Сейчас мы нащупываем новую территорию, которую пока в рабочем порядке называем «новой антропологией». Антропологией сегодня называют все что угодно, но классическая антропология имела дело с оппозицией «культура — природа» и имела в анамнезе руссоистскую версию отношения «цивилизация — варварство». Руссоистский благородный дикарь был опорой европейской антропологии, начиная с Пятницы Робинзона Крузо и кончая дикарями Леви-Стросса и Малиновского. В этой области была проделана огромная работа, но в последние десять-пятнадцать лет ей на смену приходит другая повестка, другой тип вопросов, причем в разных дисциплинах: в социологии, теории культуры, экономике, самой антропологии и так далее. Произошел разворот в сторону преодоления оппозиции природы и культуры, на которой строилась классическая антропология. Эта оппозиция становится нерелевантной, и новая антропология начинает рассматривать в качестве своего главного предмета странный ассамбляж между природными и социокультурными феноменами безо всяких дихотомий, где уже нет деления на так называемые примитивные и «современные» народы или культуры.

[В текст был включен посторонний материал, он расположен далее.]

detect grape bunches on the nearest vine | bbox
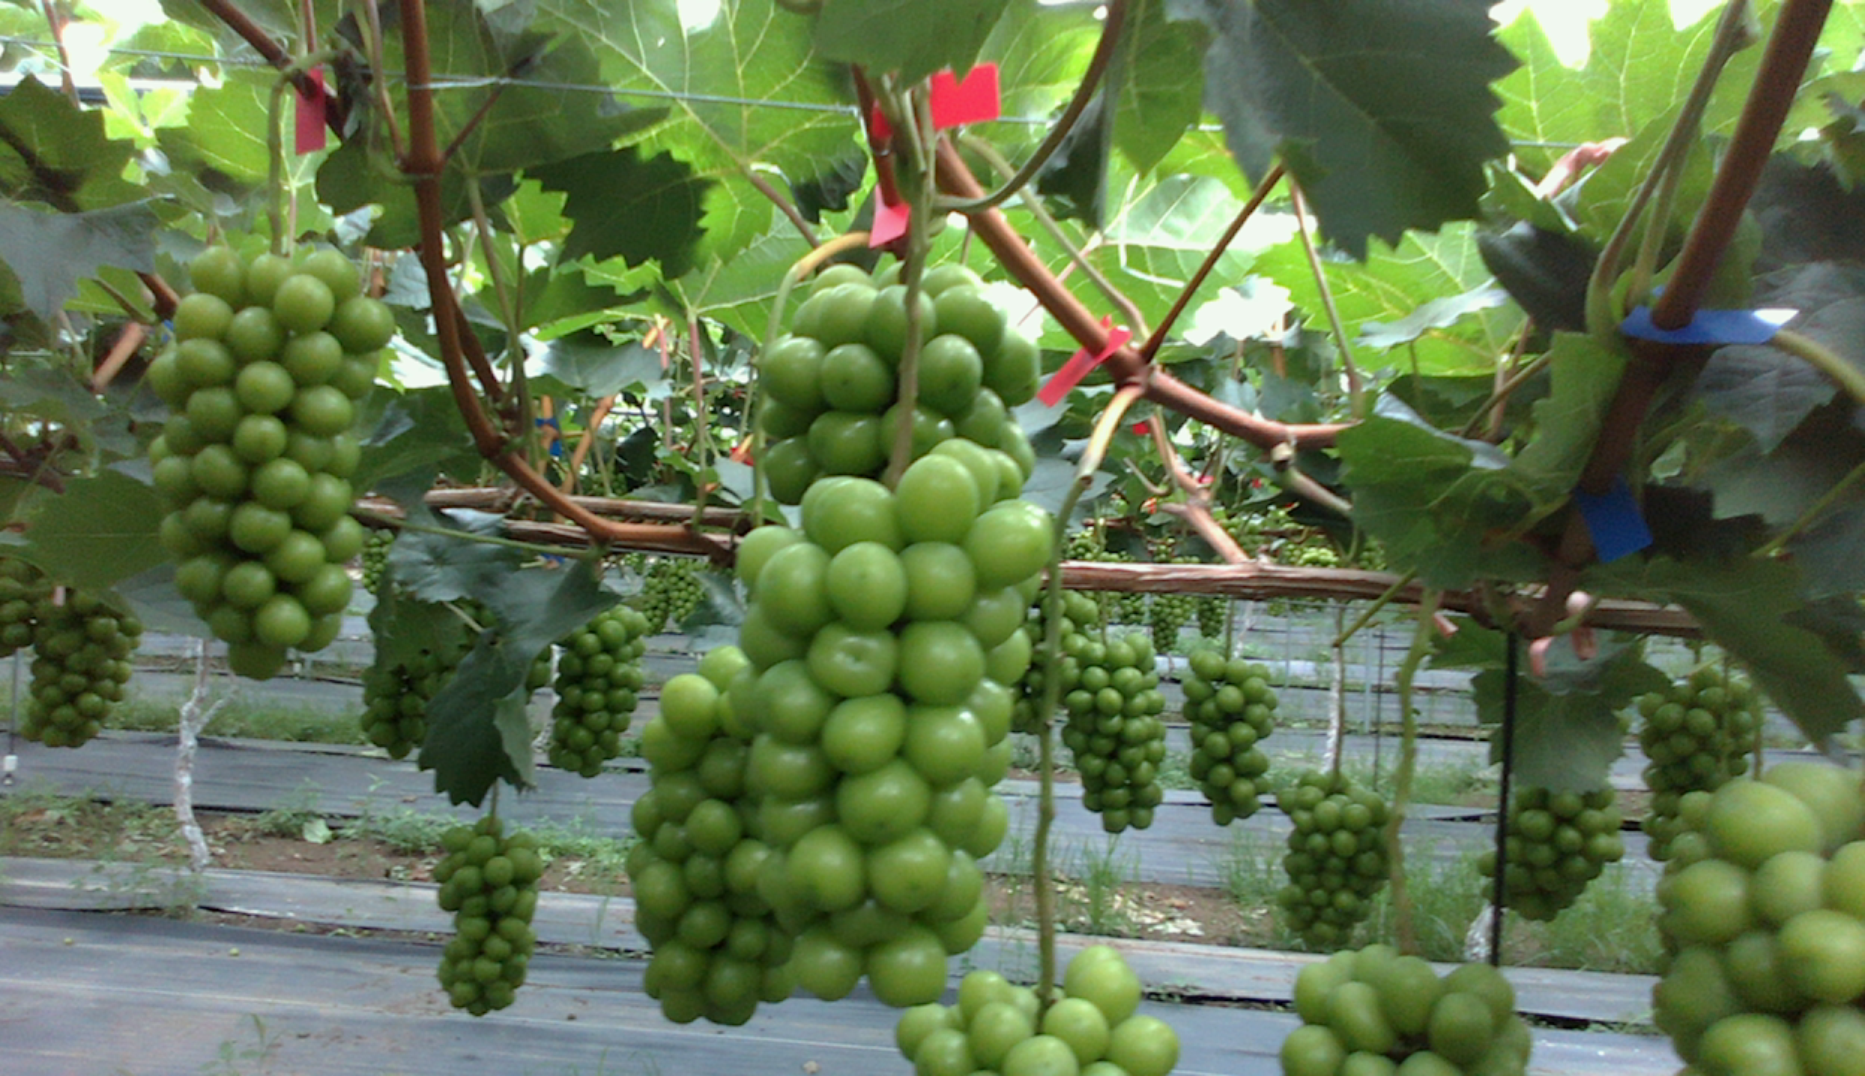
[728,436,1055,1007]
[1279,946,1530,1075]
[1666,762,1864,1075]
[626,643,794,1028]
[146,245,398,683]
[758,259,1042,507]
[897,944,1179,1075]
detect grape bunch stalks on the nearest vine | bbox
[1034,386,1143,1031]
[870,78,930,492]
[753,233,873,531]
[1385,592,1442,961]
[266,49,339,256]
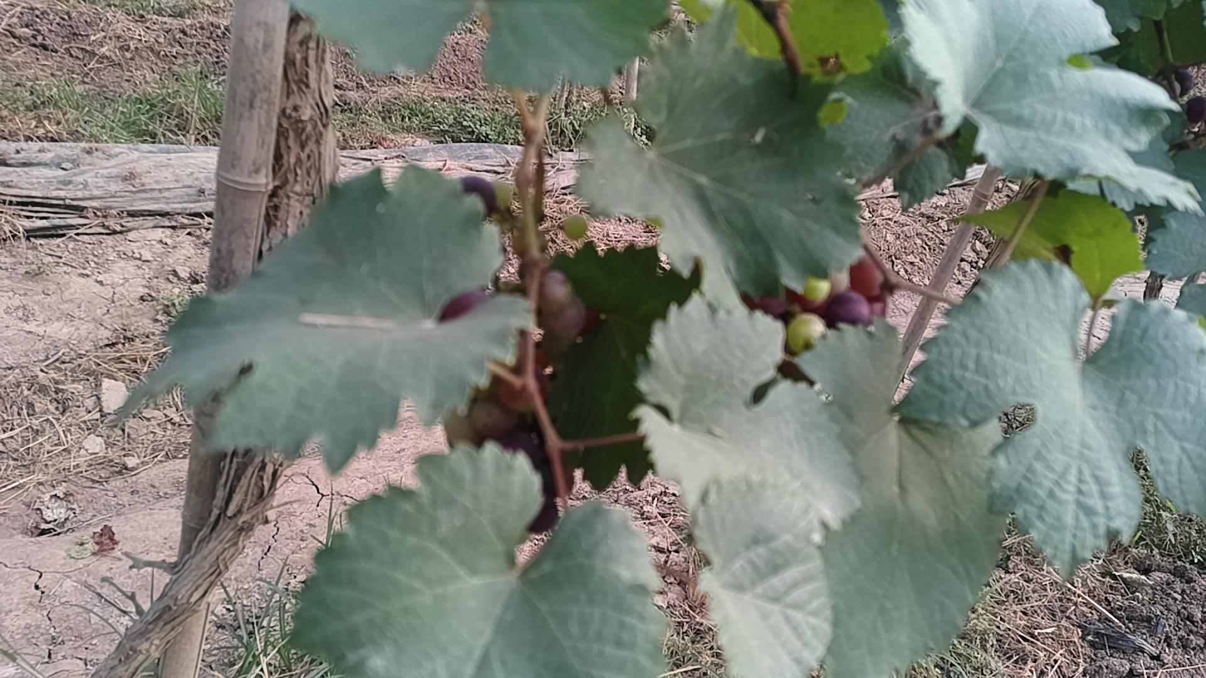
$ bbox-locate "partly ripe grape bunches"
[742,244,905,382]
[439,176,599,533]

У нас в издательском портфеле уже пять-шесть книг такого рода. Например, через пару месяцев мы издадим нашумевшую работу известного бразильско-французского антрополога Эдуарду Вивейроша де Кастру, которая называется «Каннибальские метафизики». Это академическая книга; несмотря на игривое название, она посвящена попытке с помощью философии Делеза создать новую карту, новый ландшафт антропологии. Опираясь на «Капитализм и шизофрению», на новую динамическую онтологию Делеза — Гваттари и критическое переосмысление антропологии Леви-Стросса, де Кастру полагает, что оппозиции сырого и вареного, дикого и цивилизованного должны быть не просто сняты, но по-своему перевернуты. С точки зрения де Кастру, то, что воспринималось как некие первобытные верования и представления, является своеобразной метафизикой, с помощью которой мы можем осваивать современные научные практики, начиная с медиа-теории, теории сетевых взаимодействий, новой социологии и т.д., то есть дикари в каком-то смысле становятся нашими эпистемологическими учителями.

Грибы и прекарность

Книга Анны Левенхаупт Цзин «Гриб на краю света» рассказывает о том, что прогресс закончился, и теперь мы вынуждены жить настоящим. Прекарность, то есть неустойчивость мира, в котором закончился прогресс, левыми социологами и политологами до недавнего времени описывалась как чудовищное преступление неолиберального режима, лишающего людей гарантий. Раньше у рабочего-де была медицинская страховка, социальные гарантии и так далее, а сейчас все на временных работах, в разного рода проектах и без всяких гарантий. Эта негарантированная временная занятость многими рассматривается как некое ущербное состояние, в котором мы живем по причине того, что произошло с нами из-за неолиберального переворота — раньше такого не было, и желательно, чтобы в будущем этой прекарности не стало. Но Анна Цзин исходит из того, что это неправильная диспозиция и что прекарность, неопределенность, недооформленная идентичность являются нашим нормальным и — более того — продуктивным состоянием, то есть прекарно сегодня существует всё, и гриб мацутакэ, который она описывает, является живой аллегорией такой прекарности: он растет на руинах капитализма в том смысле, что его среда обитания — безжизненный постиндустриальный ландшафт, вырубленные, изгаженные производством и технокатастрофами леса и пустоши.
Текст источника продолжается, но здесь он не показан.